=== Source data ===

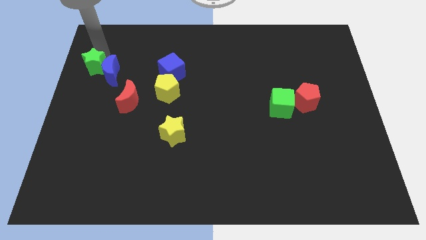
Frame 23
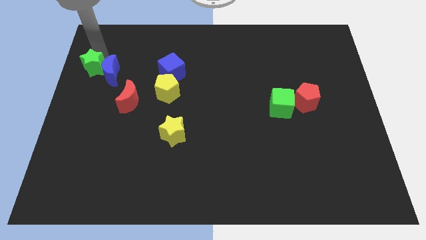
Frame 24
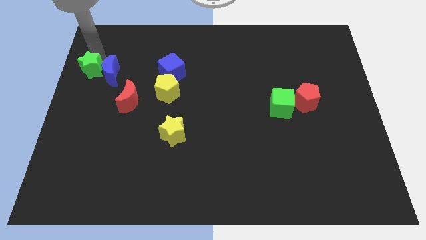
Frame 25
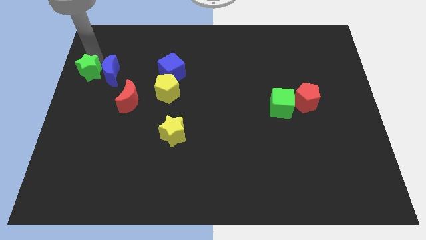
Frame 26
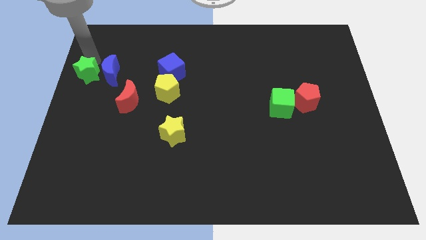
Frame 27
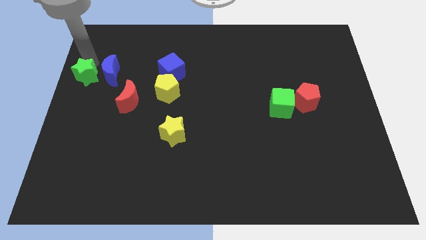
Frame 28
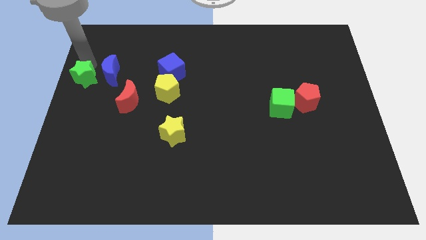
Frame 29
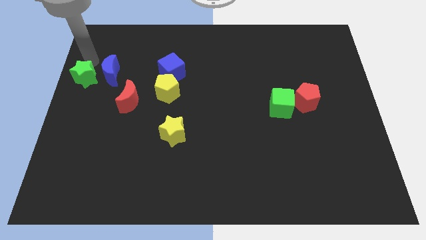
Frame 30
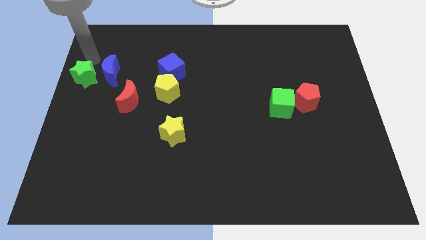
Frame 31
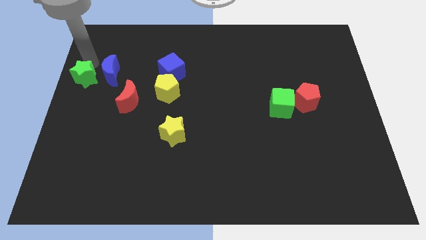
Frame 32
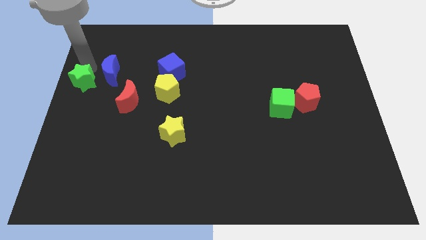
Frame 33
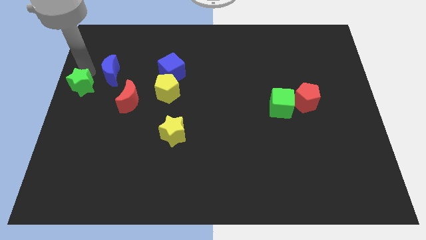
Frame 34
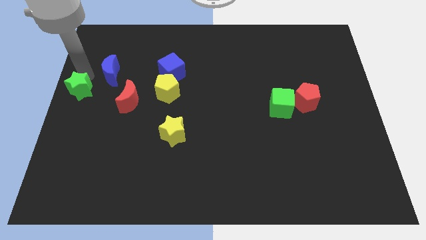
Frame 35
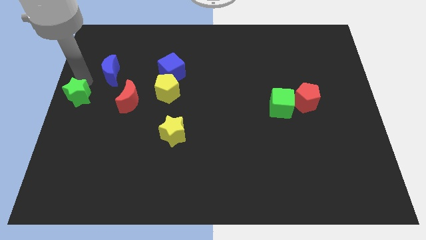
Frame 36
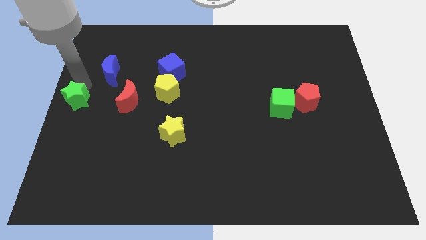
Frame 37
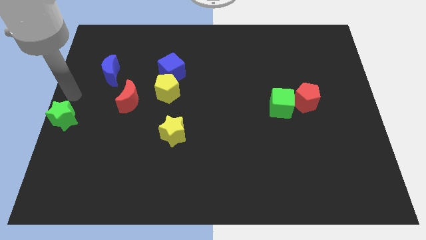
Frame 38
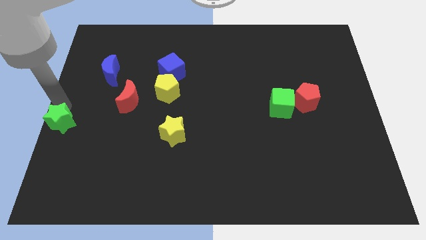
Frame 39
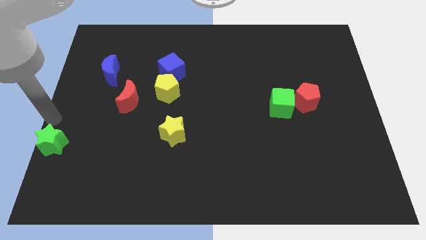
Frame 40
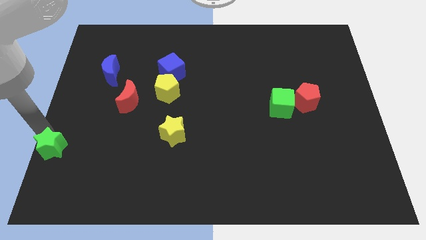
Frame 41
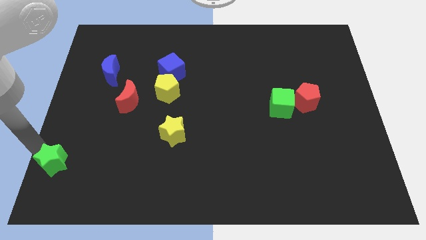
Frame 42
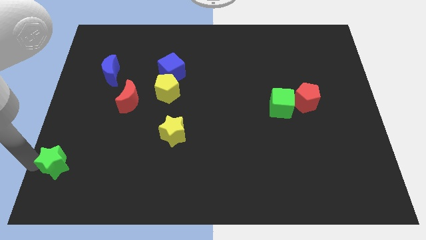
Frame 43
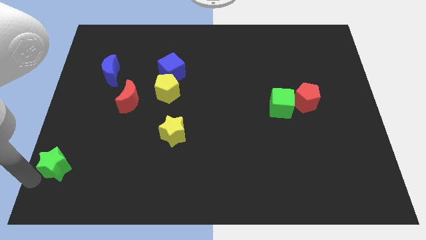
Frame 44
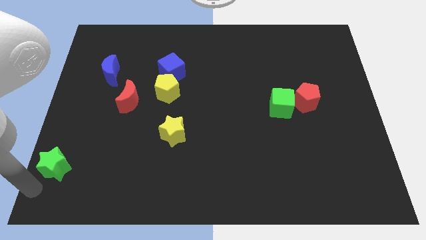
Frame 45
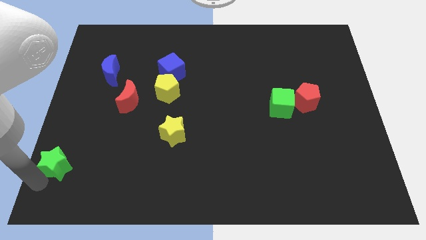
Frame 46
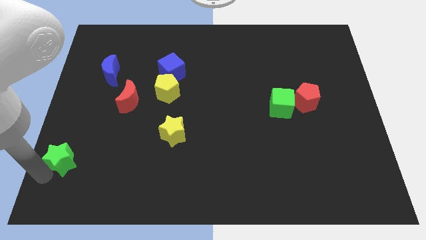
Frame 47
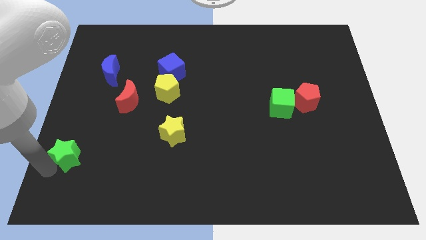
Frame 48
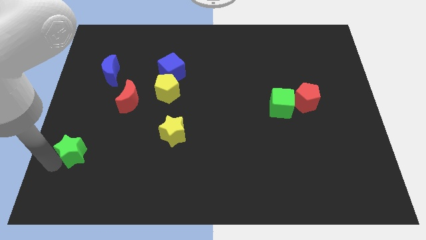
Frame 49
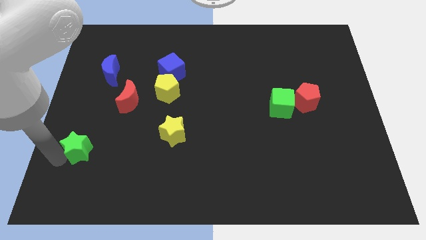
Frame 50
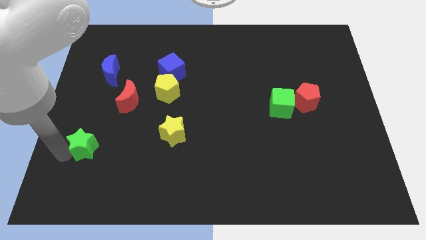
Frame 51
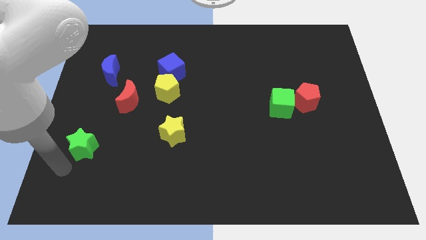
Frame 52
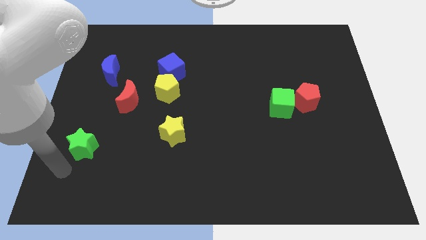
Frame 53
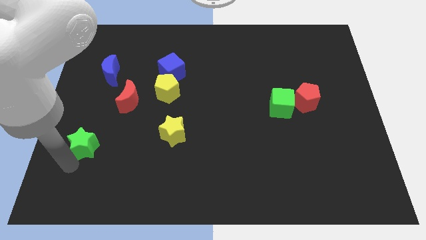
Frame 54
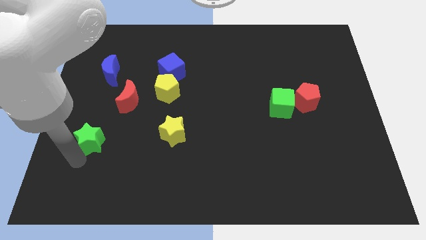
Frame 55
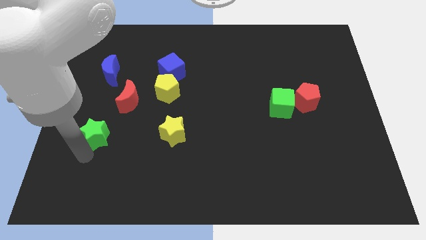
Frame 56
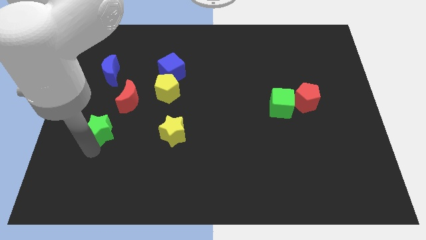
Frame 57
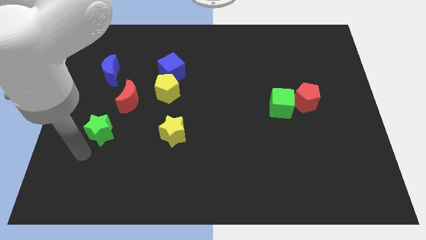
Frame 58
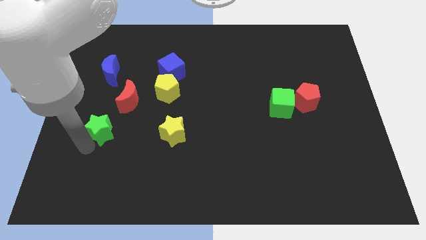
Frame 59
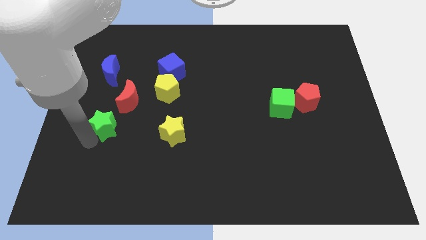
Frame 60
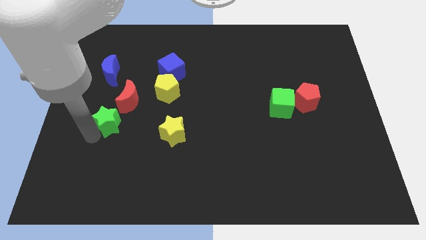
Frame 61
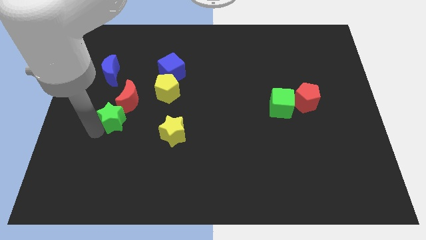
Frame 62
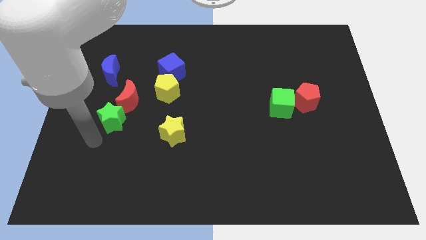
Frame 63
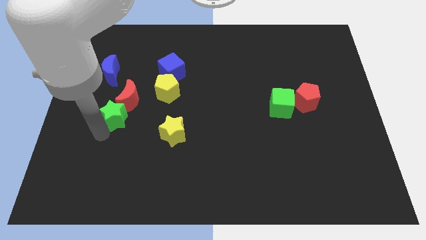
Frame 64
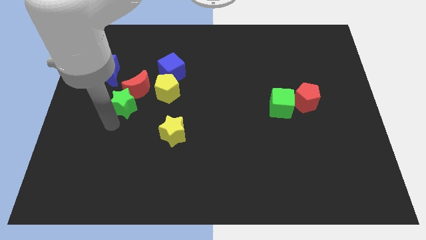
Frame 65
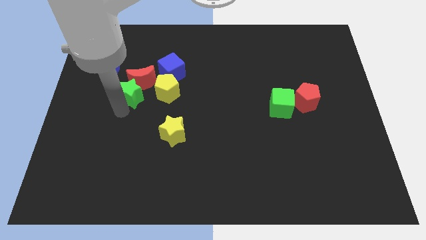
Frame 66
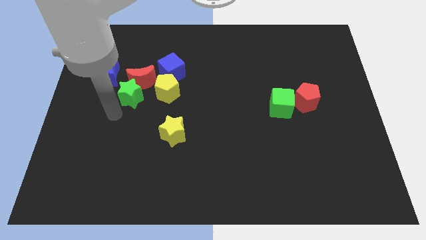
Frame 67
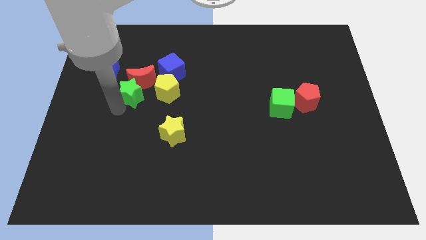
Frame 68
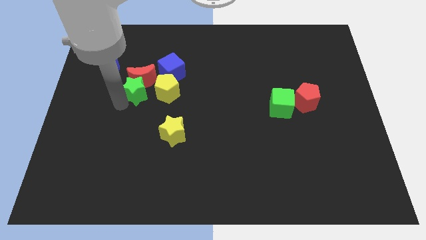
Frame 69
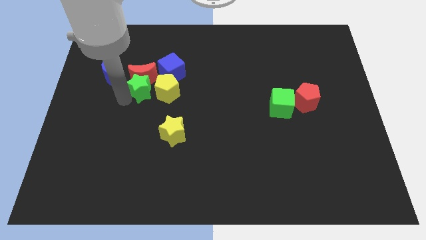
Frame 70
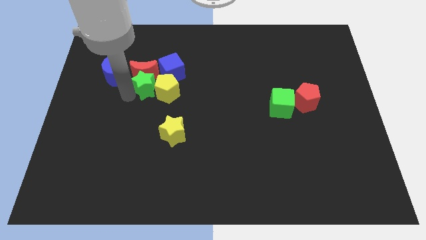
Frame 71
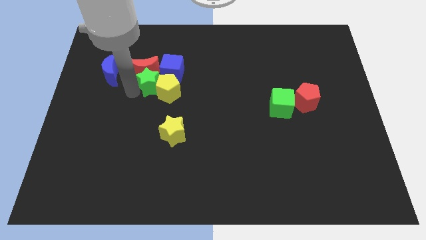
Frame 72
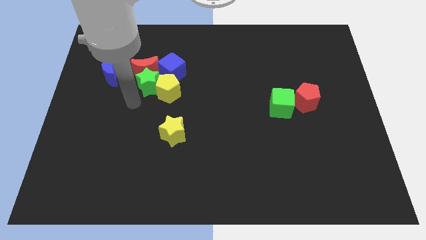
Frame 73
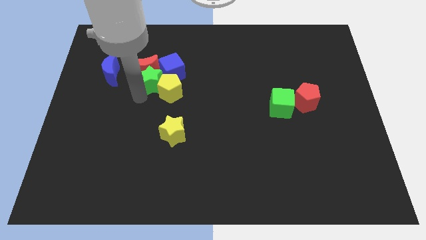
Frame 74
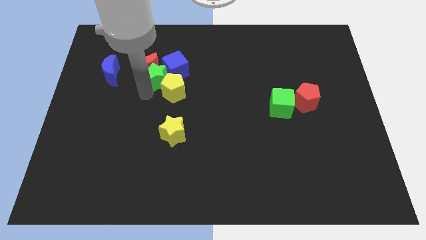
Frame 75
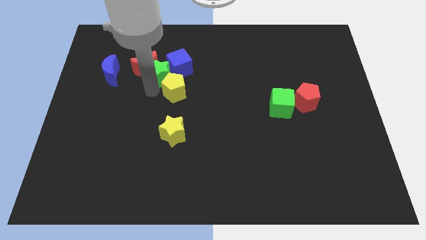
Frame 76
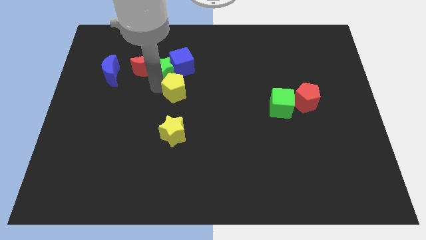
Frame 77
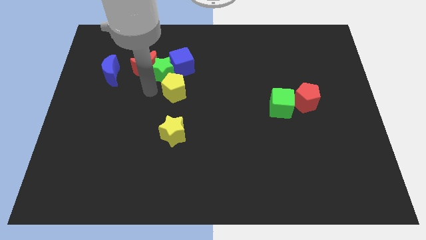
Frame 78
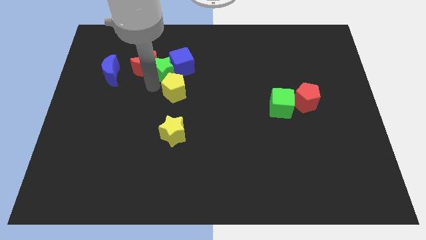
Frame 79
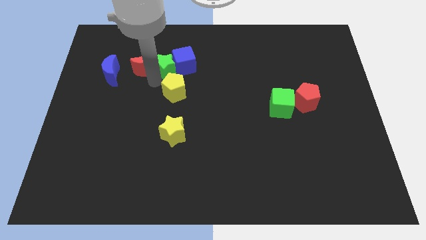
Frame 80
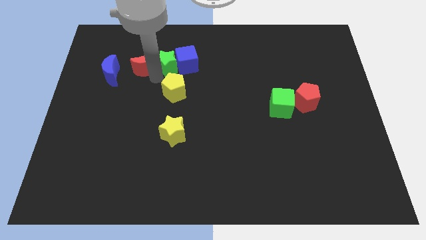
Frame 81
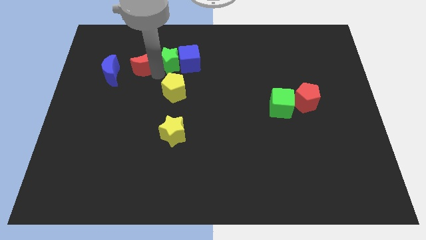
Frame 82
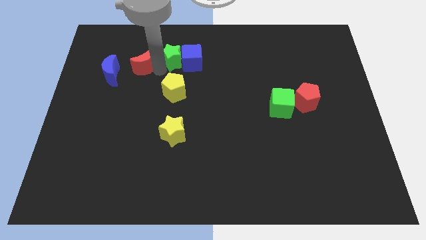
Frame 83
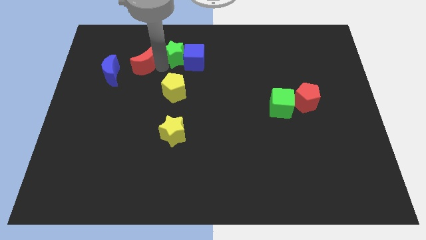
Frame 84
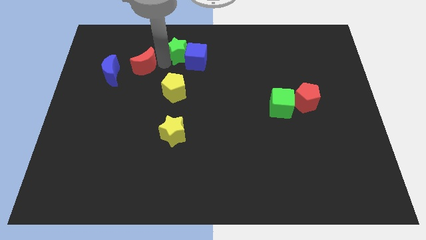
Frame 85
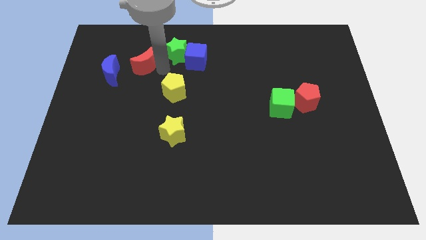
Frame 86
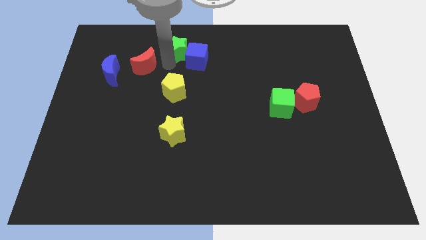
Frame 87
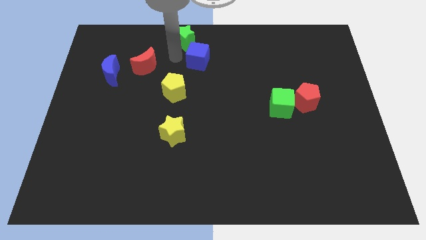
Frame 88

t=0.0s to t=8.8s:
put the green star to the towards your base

===

### [Exercise directions]
The answer should be the records above, unchanged, with the pictures omitted.

### [Task solution]
Frame 23
Frame 24
Frame 25
Frame 26
Frame 27
Frame 28
Frame 29
Frame 30
Frame 31
Frame 32
Frame 33
Frame 34
Frame 35
Frame 36
Frame 37
Frame 38
Frame 39
Frame 40
Frame 41
Frame 42
Frame 43
Frame 44
Frame 45
Frame 46
Frame 47
Frame 48
Frame 49
Frame 50
Frame 51
Frame 52
Frame 53
Frame 54
Frame 55
Frame 56
Frame 57
Frame 58
Frame 59
Frame 60
Frame 61
Frame 62
Frame 63
Frame 64
Frame 65
Frame 66
Frame 67
Frame 68
Frame 69
Frame 70
Frame 71
Frame 72
Frame 73
Frame 74
Frame 75
Frame 76
Frame 77
Frame 78
Frame 79
Frame 80
Frame 81
Frame 82
Frame 83
Frame 84
Frame 85
Frame 86
Frame 87
Frame 88

t=0.0s to t=8.8s:
put the green star to the towards your base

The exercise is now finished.